Spatial transcriptomics has emerged as a pivotal tool in understanding glioma biology, particularly through innovative methodologies such as panoramic spatial enhanced resolution proteomics (PSERP). This technique allows for rapid quantitative profiling of proteomic spatial variability within whole tissue sections at sub-millimeter resolution, thereby retaining essential spatial information that is crucial for elucidating tumor architecture and heterogeneity (ref: Xu doi.org/10.1186/s13045-025-01710-5/). In parallel, the development of GBmap has facilitated the creation of a comprehensive single-cell and spatial atlas of IDH-wildtype glioblastoma, revealing significant insights into cellular heterogeneity and spatial organization, which are critical for understanding the aggressive nature of this malignancy (ref: Ruiz-Moreno doi.org/10.1093/neuonc/). Furthermore, multiomic profiling of glioblastoma metabolic lesions has highlighted the spatial genomic evolution within tumors, identifying dipeptidase-1 as a novel vascular marker, thus linking metabolic changes to genomic instability and providing potential diagnostic and therapeutic avenues (ref: Anand doi.org/10.1093/neuonc/).

The interplay between metabolic profiling and genomic evolution in glioblastoma is underscored by studies revealing that hypermetabolic lesions correlate with increased genomic abnormalities, suggesting a complex intratumoral evolution that may inform therapeutic strategies (ref: Anand doi.org/10.1093/neuonc/). In addition, the use of in vivo magnetic resonance spectroscopy to quantify glycine levels in gliomas has been highlighted as a critical method for assessing tumor growth, emphasizing the importance of metabolic intermediates in tumor biology (ref: Huang doi.org/10.1002/jmri.29824/). Moreover, a multiparametric radiomics approach has demonstrated superior predictive capabilities for molecular genotypes in adult-type diffuse gliomas, showcasing the potential of integrating imaging features with metabolic and genomic data to enhance diagnostic accuracy and inform treatment decisions (ref: Bai doi.org/10.1186/s12880-025-01729-7/).

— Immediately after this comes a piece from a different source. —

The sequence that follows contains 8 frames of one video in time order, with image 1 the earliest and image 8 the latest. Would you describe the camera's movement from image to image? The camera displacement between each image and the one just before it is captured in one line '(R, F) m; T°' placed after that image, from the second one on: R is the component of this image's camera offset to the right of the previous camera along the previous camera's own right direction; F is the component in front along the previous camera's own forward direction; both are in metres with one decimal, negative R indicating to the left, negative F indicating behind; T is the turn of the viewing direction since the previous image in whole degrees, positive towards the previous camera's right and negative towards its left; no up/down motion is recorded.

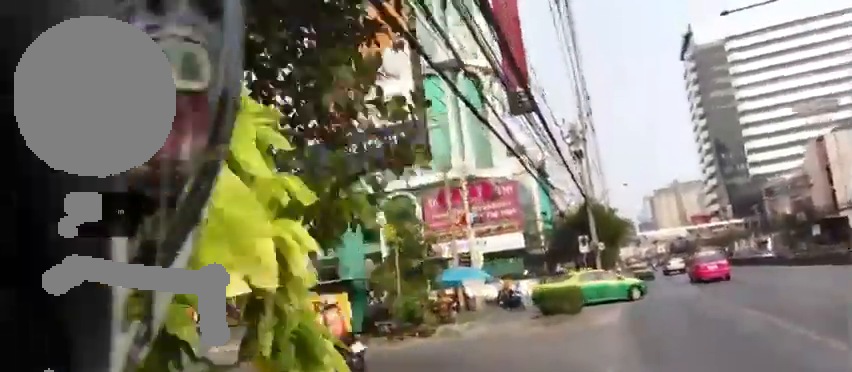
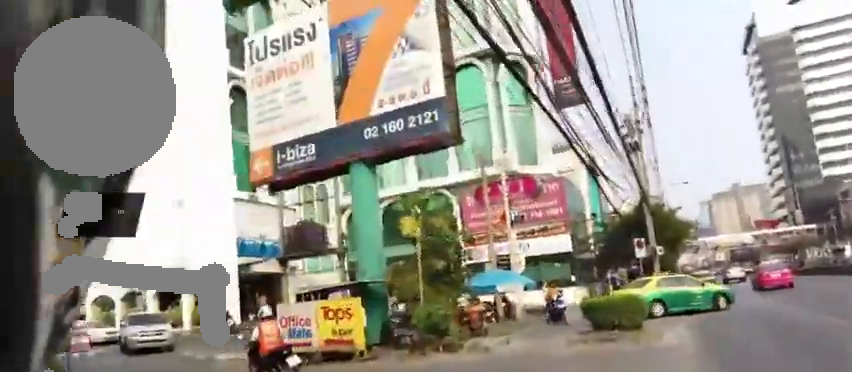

The immune landscape of gliomas, particularly pediatric high-grade gliomas (pHGGs), has been extensively characterized using single-cell RNA sequencing and spatial transcriptomics, revealing significant differences in the immune microenvironment compared to adult gliomas (ref: LaBelle doi.org/10.1016/j.xcrm.2025.102095/). This comprehensive analysis has implications for therapeutic responses, particularly in the context of immune checkpoint inhibitors like PD-1 blockade, where induced B cell receptor diversity has been shown to predict treatment outcomes (ref: Che doi.org/10.1073/pnas.2501269122/). Additionally, targeting mesenchymal monocyte-derived macrophages has emerged as a promising strategy to enhance glioblastoma sensitivity to temozolomide, indicating that understanding the immune landscape can lead to novel therapeutic approaches (ref: Gao doi.org/10.1016/j.jare.2025.05.032/).

Addressing therapeutic resistance in glioblastoma remains a critical challenge, with studies focusing on the role of mesenchymal monocyte-derived macrophages in enhancing the efficacy of temozolomide treatment (ref: Gao doi.org/10.1016/j.jare.2025.05.032/). The identification of dipeptidase-1 as a vascular marker associated with hypermetabolic lesions further elucidates the relationship between metabolic changes and therapeutic resistance, suggesting that targeting these pathways could improve treatment outcomes (ref: Anand doi.org/10.1093/neuonc/). Moreover, the integration of radiomics in predicting molecular genotypes has shown promise in stratifying patients for personalized therapeutic approaches, thereby addressing the heterogeneity of glioblastoma and enhancing the precision of treatment strategies (ref: Bai doi.org/10.1186/s12880-025-01729-7/).

Radiomics has revolutionized glioma diagnosis by enabling the extraction of quantitative features from medical imaging, which can be correlated with molecular genotypes. A recent study demonstrated that a multiparametric radiomics signature derived from hybrid PET/MRI scans significantly outperformed traditional imaging modalities in predicting IDH, MGMT, and TERT statuses, achieving AUC values of 0.97, 0.86, and 0.90, respectively (ref: Bai doi.org/10.1186/s12880-025-01729-7/). Additionally, the PSERP approach has provided insights into the spatial proteomic landscape of gliomas, allowing for a deeper understanding of tumor biology and pathology at the molecular level (ref: Xu doi.org/10.1186/s13045-025-01710-5/). These advancements underscore the potential of integrating radiomics and proteomics to enhance diagnostic accuracy and inform treatment strategies in glioma management.